SantiagoC/palindrome-grpo-v5

TEXT GENERATIONConcurrency Cost:1Model Size:0.5BQuant:BF16Ctx Length:32kPublished:May 5, 2026Architecture:Transformer Cold

SantiagoC/palindrome-grpo-v5 is a 0.5 billion parameter instruction-tuned causal language model, fine-tuned from Qwen/Qwen2.5-0.5B-Instruct. This model was trained using the GRPO method, which is designed to enhance mathematical reasoning capabilities. With a context length of 32768 tokens, it is optimized for tasks requiring improved reasoning, particularly in mathematical contexts.

Loading preview...

Model Overview

SantiagoC/palindrome-grpo-v5 is a 0.5 billion parameter language model, fine-tuned from the Qwen/Qwen2.5-0.5B-Instruct base model. It leverages the TRL (Transformers Reinforcement Learning) framework for its training process.

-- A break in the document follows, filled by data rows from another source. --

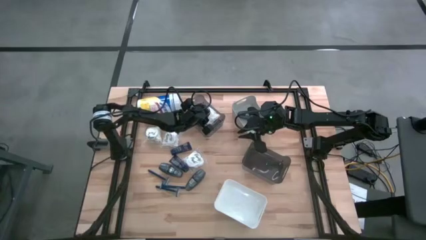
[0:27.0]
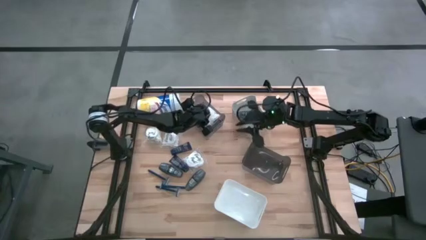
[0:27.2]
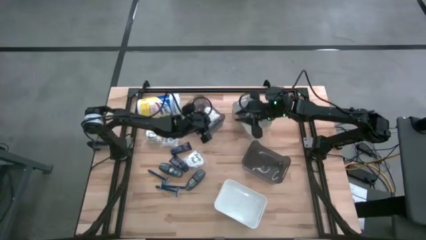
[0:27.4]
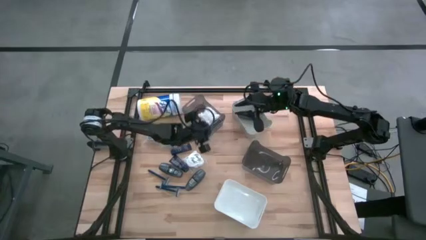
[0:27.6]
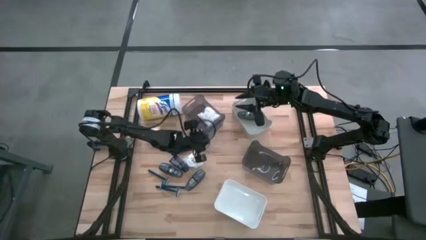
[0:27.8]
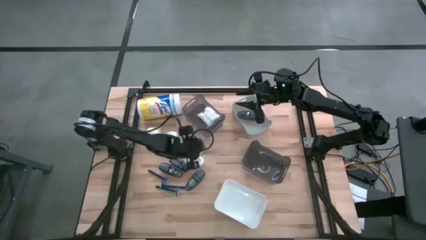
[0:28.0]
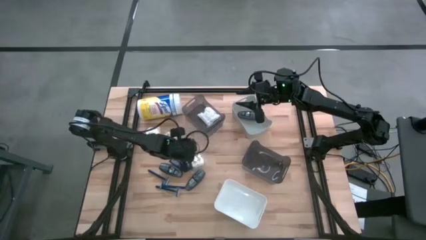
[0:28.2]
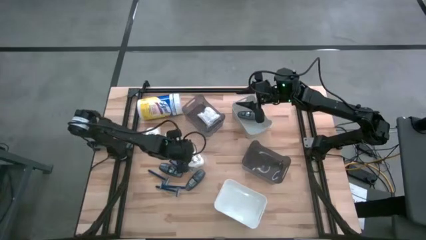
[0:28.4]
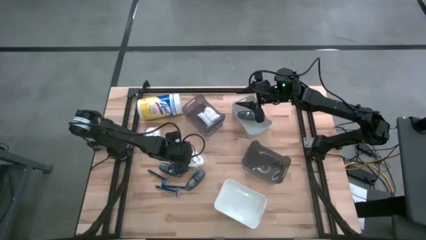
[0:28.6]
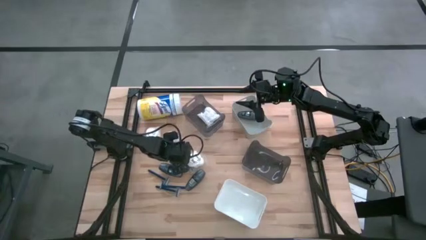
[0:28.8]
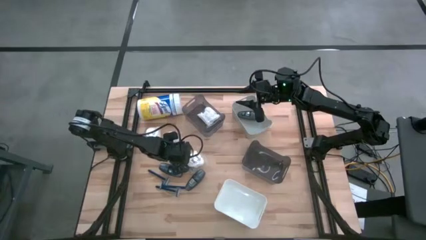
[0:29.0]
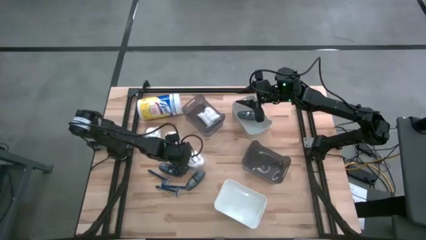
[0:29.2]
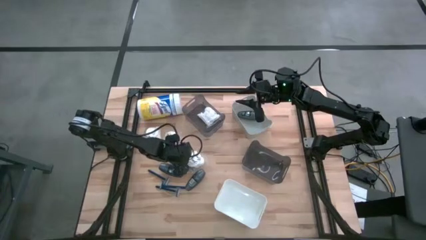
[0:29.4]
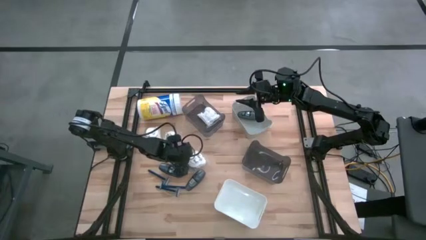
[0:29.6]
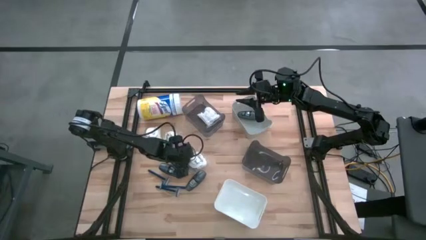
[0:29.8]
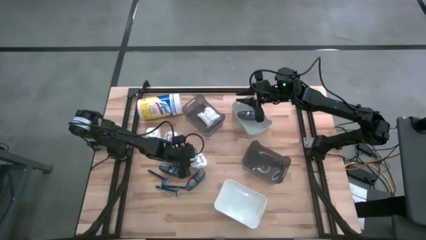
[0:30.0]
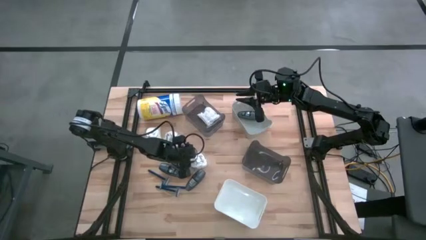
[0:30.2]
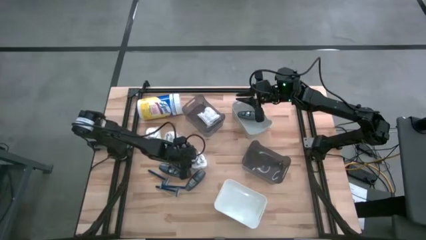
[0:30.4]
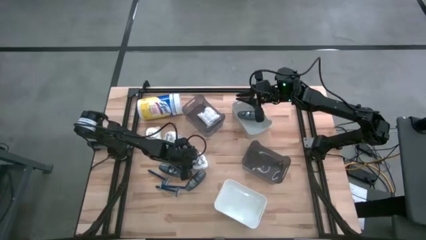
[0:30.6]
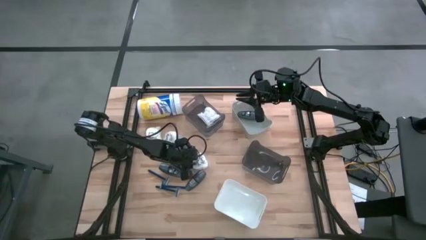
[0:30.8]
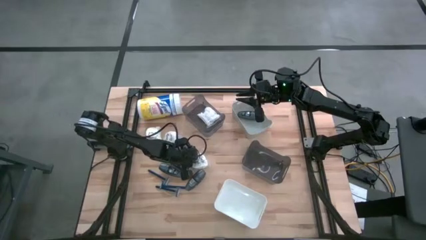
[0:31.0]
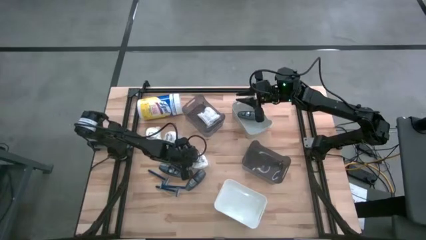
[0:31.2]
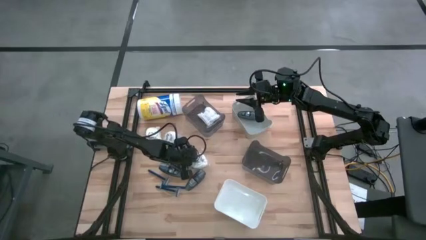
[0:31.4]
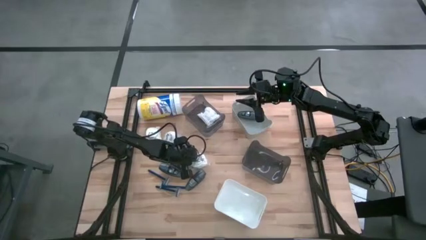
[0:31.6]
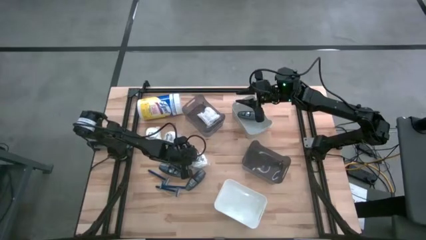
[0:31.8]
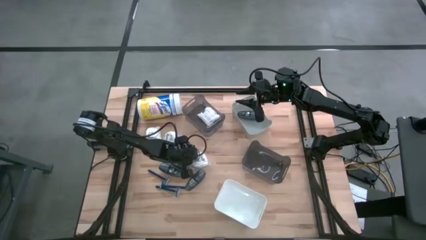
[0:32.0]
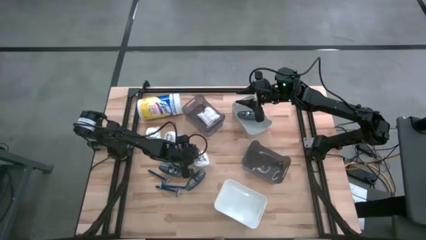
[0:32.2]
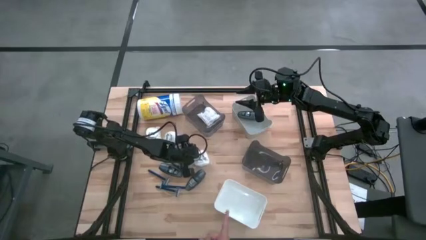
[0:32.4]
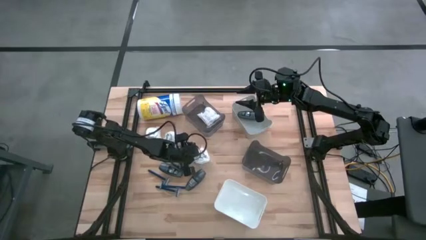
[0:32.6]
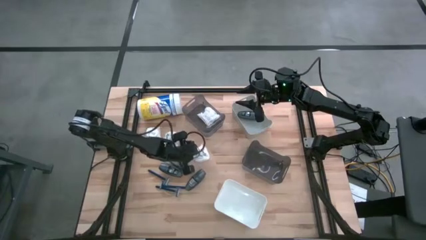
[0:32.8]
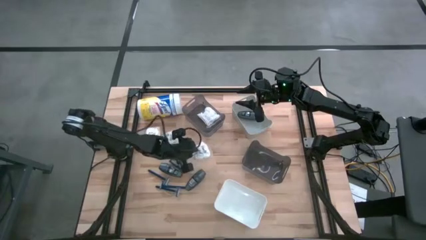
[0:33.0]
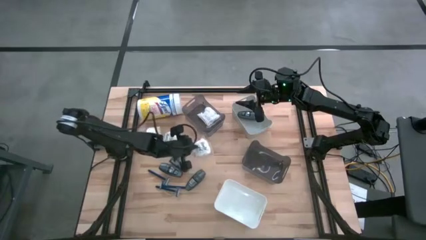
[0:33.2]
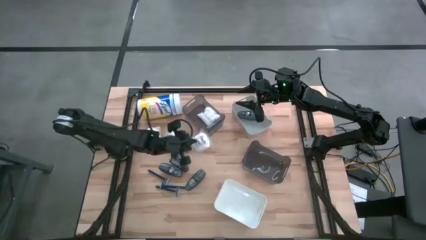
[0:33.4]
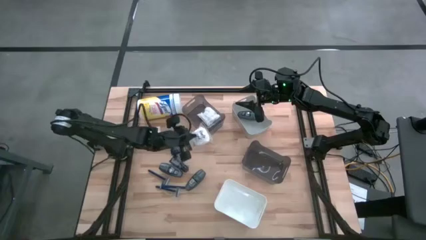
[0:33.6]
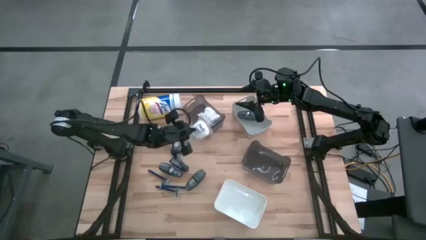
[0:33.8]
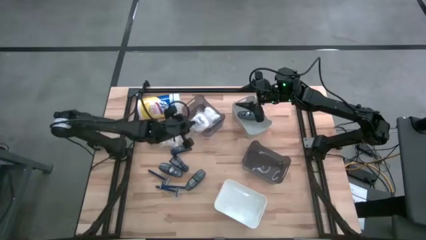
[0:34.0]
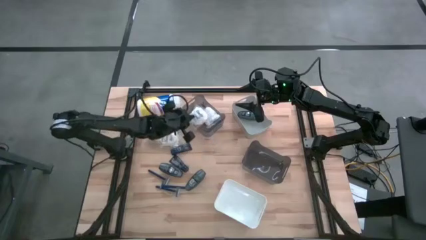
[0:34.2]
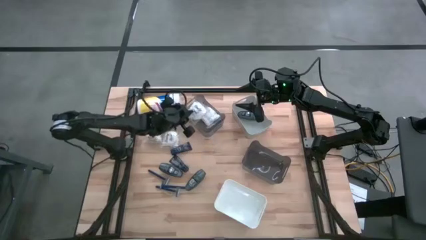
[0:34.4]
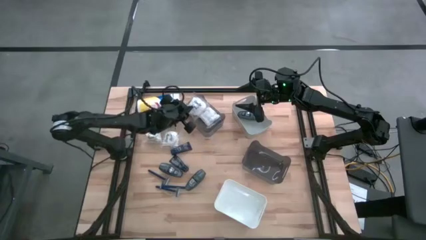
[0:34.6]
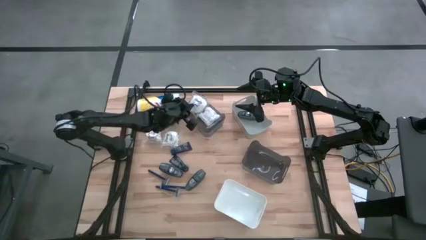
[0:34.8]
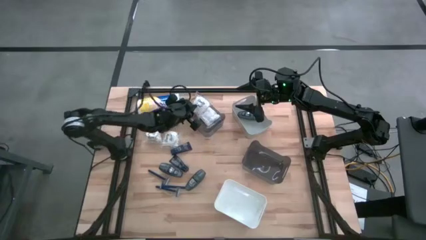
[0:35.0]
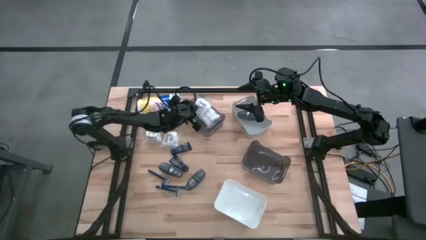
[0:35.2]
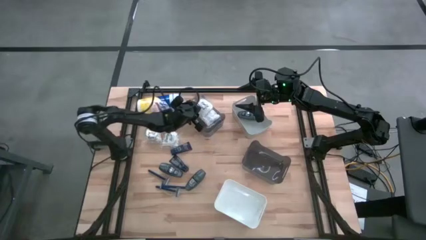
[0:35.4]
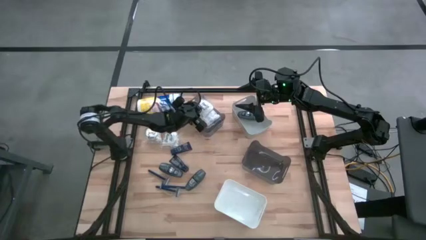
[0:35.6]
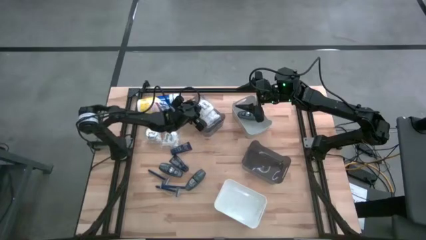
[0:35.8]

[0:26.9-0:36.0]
Task: Pick & Place Travel size toiletries
Put the white cotton pack into the top black bin

Key Differentiator: GRPO Training

What sets this model apart is its training methodology. It was fine-tuned using GRPO (Gradient-based Reward Policy Optimization), a method introduced in the paper "DeepSeekMath: Pushing the Limits of Mathematical Reasoning in Open Language Models". This approach aims to significantly improve the model's capabilities in mathematical reasoning tasks.

Usage

Developers can quickly integrate this model using the transformers library for text generation tasks. An example Python snippet is provided for immediate use, demonstrating how to load the model and tokenizer for inference.

Training Details

The model was trained with specific versions of key frameworks:

  • TRL: 1.3.0
  • Transformers: 5.8.0
  • Pytorch: 2.11.0
  • Datasets: 4.8.5
  • Tokenizers: 0.22.2

This model is particularly suited for applications where enhanced mathematical reasoning and instruction following are critical, building upon the robust foundation of the Qwen2.5 architecture.